How can you identify your most valuable customers?

There is a model — which is used by most catalogue companies, mail order firms and also non–profits. It may also apply to your business.

You may know it as RFM —and it’s one of the best ways to determine who your most valuable customers are, and also who is most likely to respond.

RFM stands for Recency, Frequency and Monetary Value. Let’s take them one by one.

1. Recency is how recently a customer has purchased from you. This is one of the best indications that they will purchase from you again.

And it makes sense. If I bought from your company two weeks ago, I’m much more likely to make another purchase than someone who bought from you two years ago.

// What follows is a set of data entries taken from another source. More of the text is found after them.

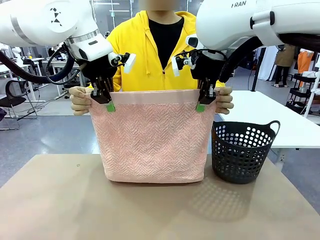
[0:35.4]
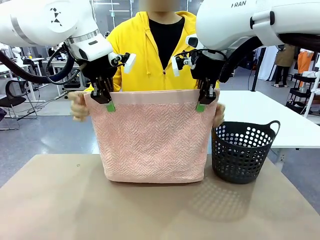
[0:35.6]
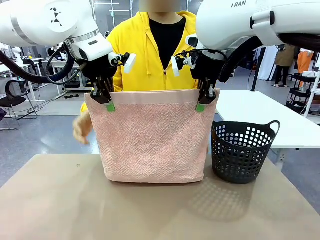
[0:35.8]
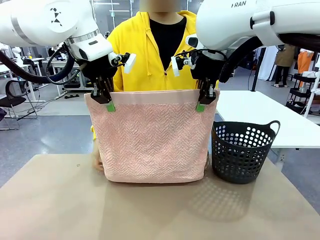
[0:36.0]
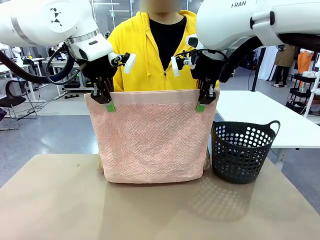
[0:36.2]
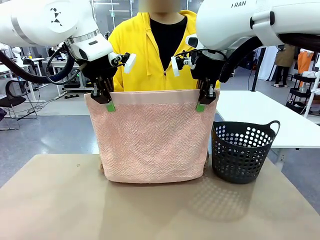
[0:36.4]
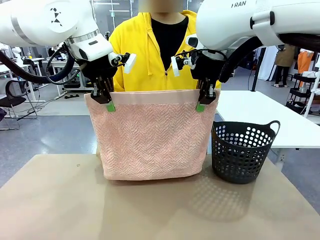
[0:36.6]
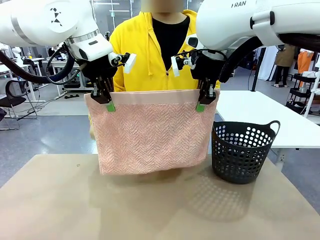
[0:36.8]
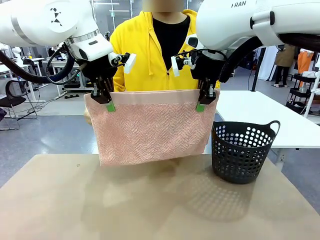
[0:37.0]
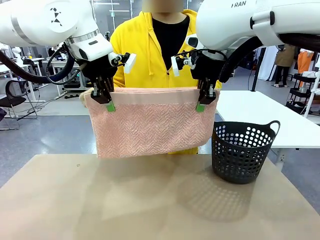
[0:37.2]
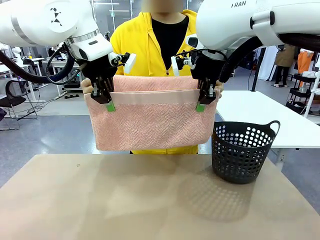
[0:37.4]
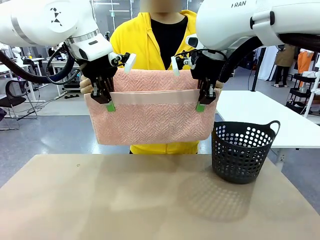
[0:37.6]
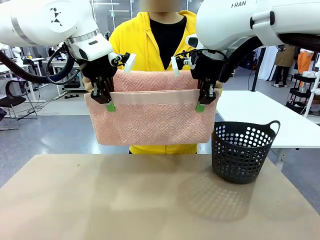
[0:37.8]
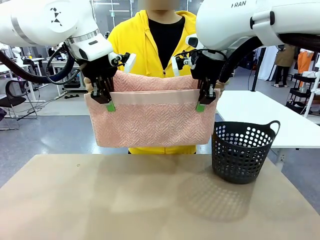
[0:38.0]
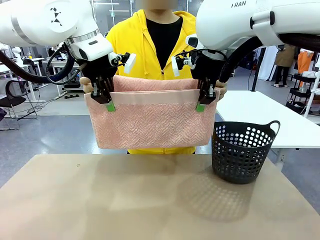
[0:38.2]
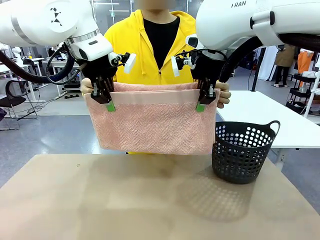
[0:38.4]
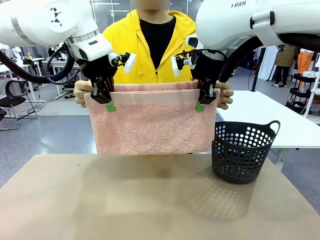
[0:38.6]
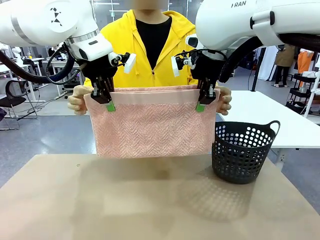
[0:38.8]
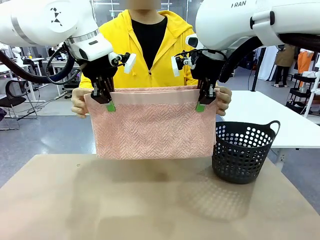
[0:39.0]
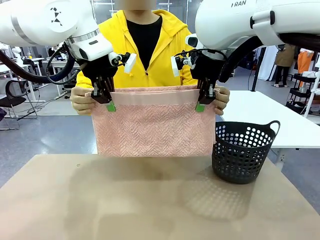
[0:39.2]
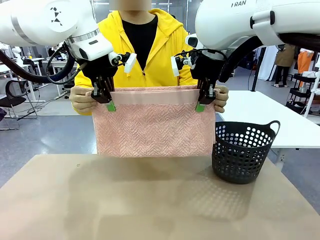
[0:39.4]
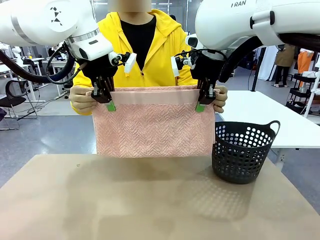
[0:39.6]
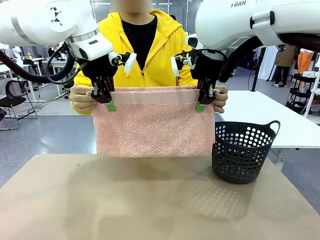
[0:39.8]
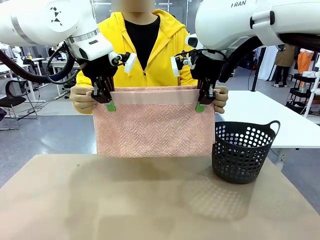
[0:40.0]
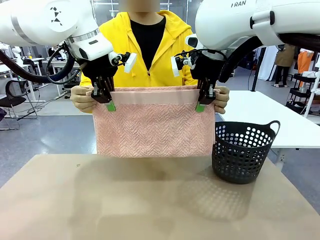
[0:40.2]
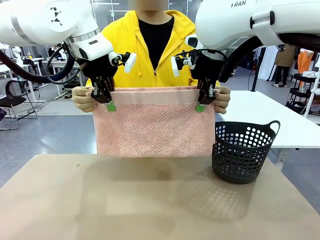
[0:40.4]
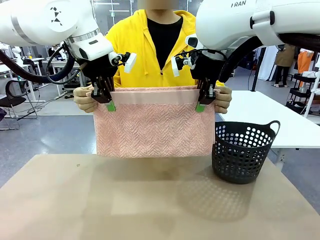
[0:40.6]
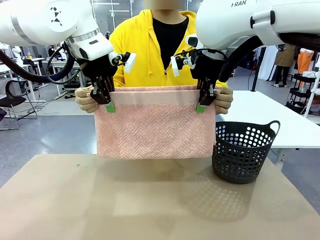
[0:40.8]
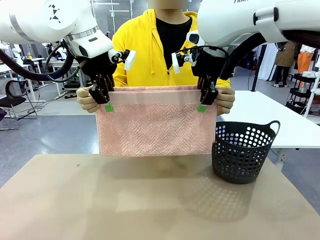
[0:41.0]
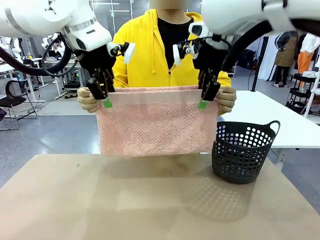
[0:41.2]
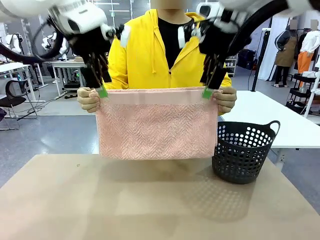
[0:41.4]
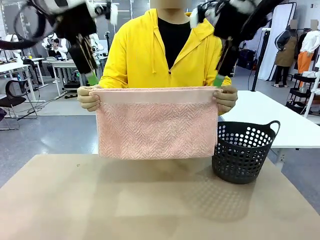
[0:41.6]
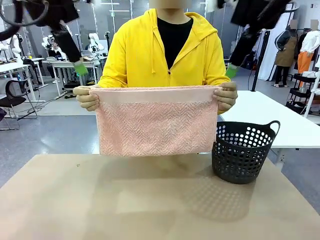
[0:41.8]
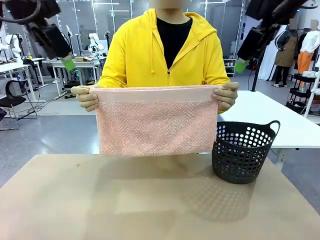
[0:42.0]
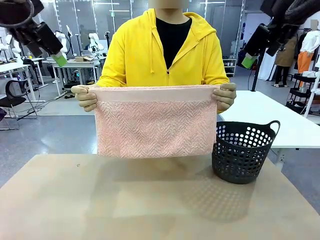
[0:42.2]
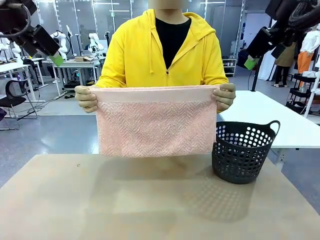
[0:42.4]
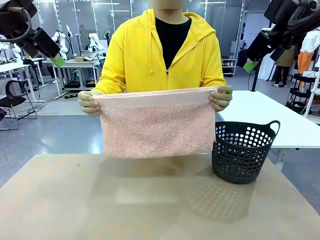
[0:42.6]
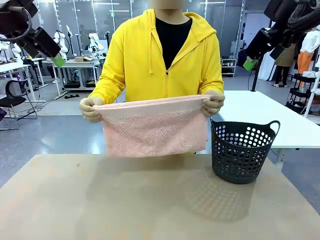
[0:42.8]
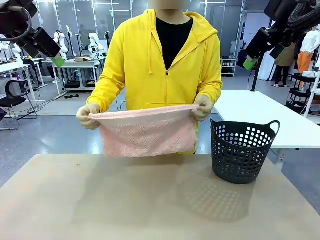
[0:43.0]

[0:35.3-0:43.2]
Robot: Release the end of the 100 cm Hotel Towel you were holding.

2. Frequency means how often a customer has bought from you. Someone who buys only once may not purchase again, but someone who buys two or three times is much more likely to remain a customer.

That’s why some direct marketing experts say that the second sale a customer makes is the most important one. And there are some techniques you can use, which I will describe later in this newsletter.

3. Monetary Value is how much the customer has spent with you over a given time period. Again, the more they spent — the more likely they are to spend again.

By the way, the last big agency I worked for commissioned an expensive study on customer value.

They felt that RFM was old–fashioned, and there had to be a better way to determine the value of customers. So they spent a lot of money testing dozens of different variables.

And after this expensive test, the top three variables were… R, F, and M.

So the first step is to use RFM to determine your most valuable customers — and you may be surprised by how few you really have…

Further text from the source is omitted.